Work to be completed:
Type the data below again exactly. Omit all pictures.

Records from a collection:
........
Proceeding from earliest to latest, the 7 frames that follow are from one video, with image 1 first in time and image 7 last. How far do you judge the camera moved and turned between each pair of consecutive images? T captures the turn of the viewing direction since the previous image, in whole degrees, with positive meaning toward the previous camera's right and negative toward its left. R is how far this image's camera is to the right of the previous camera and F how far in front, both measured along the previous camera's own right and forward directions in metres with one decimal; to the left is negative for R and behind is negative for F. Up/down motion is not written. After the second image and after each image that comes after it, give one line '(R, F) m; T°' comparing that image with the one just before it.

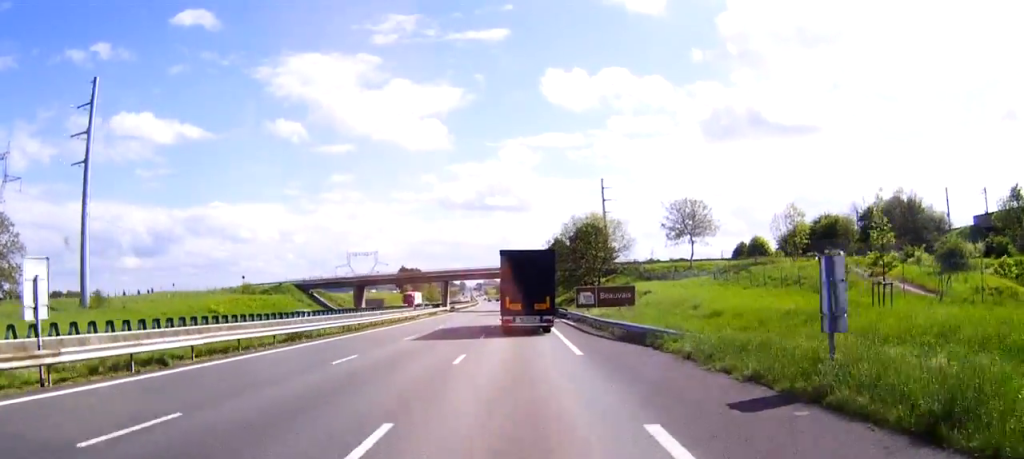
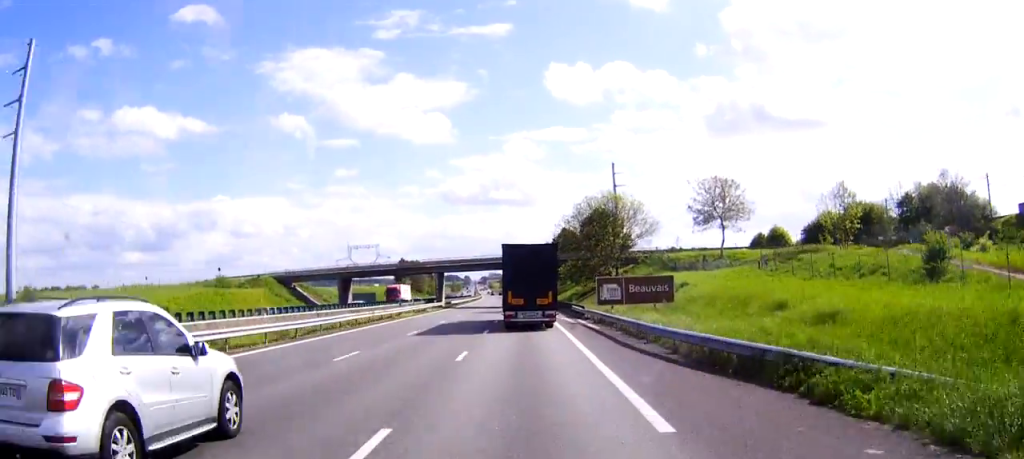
(0.0, +13.7) m; 0°
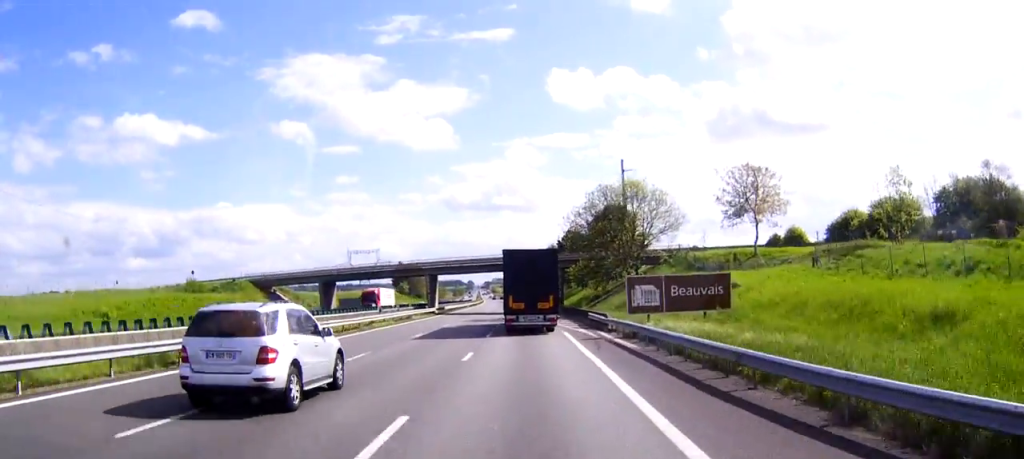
(0.0, +12.0) m; 0°
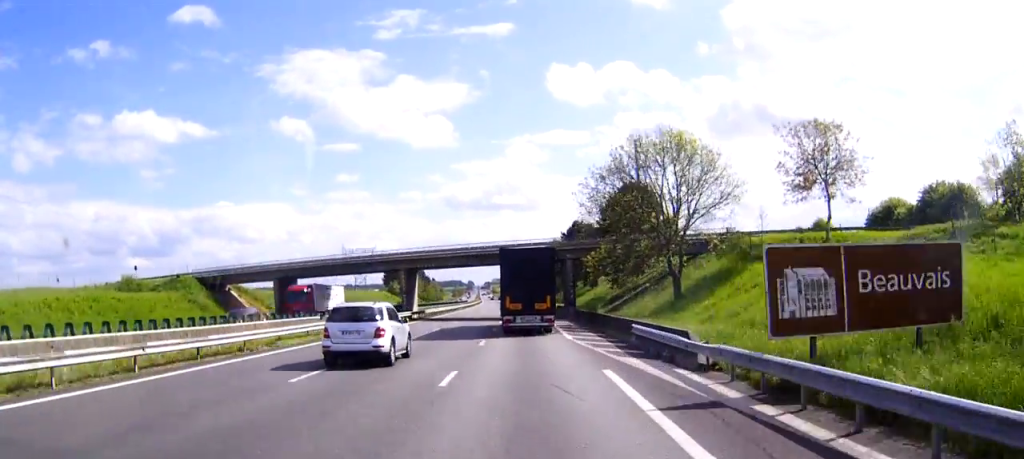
(0.0, +18.9) m; 0°
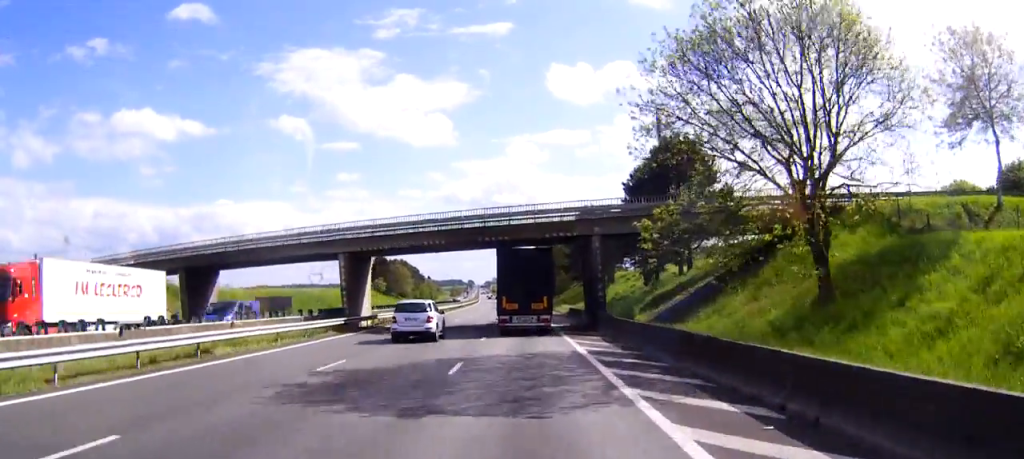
(-0.1, +24.0) m; 0°
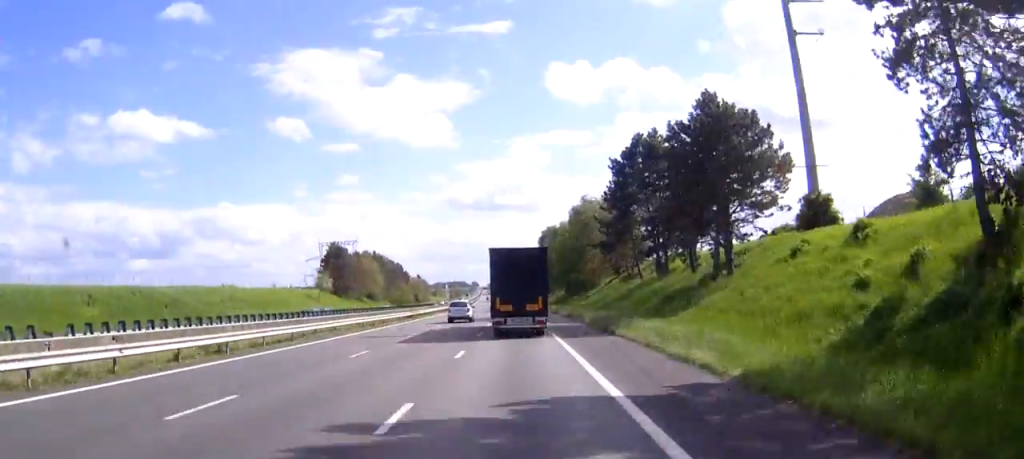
(+0.4, +61.3) m; 0°
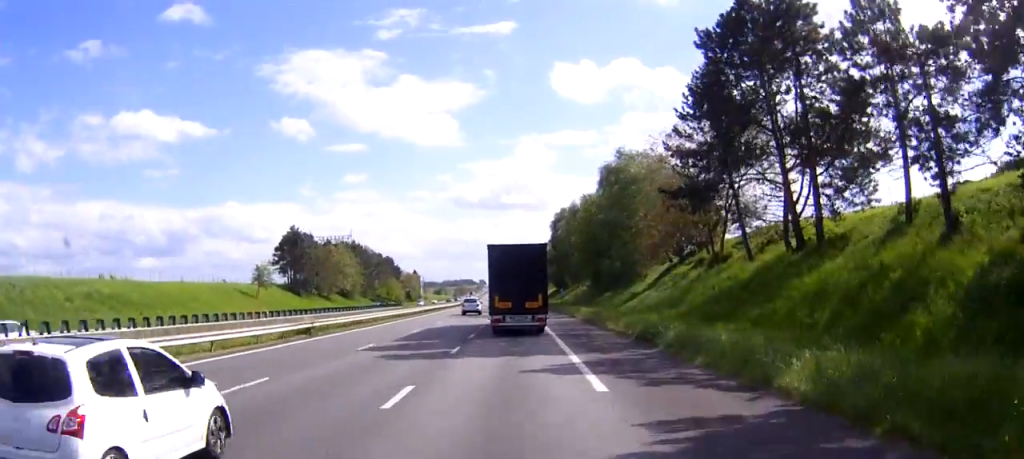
(-0.3, +37.6) m; -1°
........
Task response:
Proceeding from earliest to latest, the 7 frames that follow are from one video, with image 1 first in time and image 7 last. How far do you judge the camera moved and turned between each pair of consecutive images? T captures the turn of the viewing direction since the previous image, in whole degrees, with positive meaning toward the previous camera's right and negative toward its left. R is how far this image's camera is to the right of the previous camera and F how far in front, both measured along the previous camera's own right and forward directions in metres with one decimal; to the left is negative for R and behind is negative for F. Up/down motion is not written. After the second image and after each image that comes after it, give one line '(R, F) m; T°' comparing that image with the one just before it.

(0.0, +13.7) m; 0°
(0.0, +12.0) m; 0°
(0.0, +18.9) m; 0°
(-0.1, +24.0) m; 0°
(+0.4, +61.3) m; 0°
(-0.3, +37.6) m; -1°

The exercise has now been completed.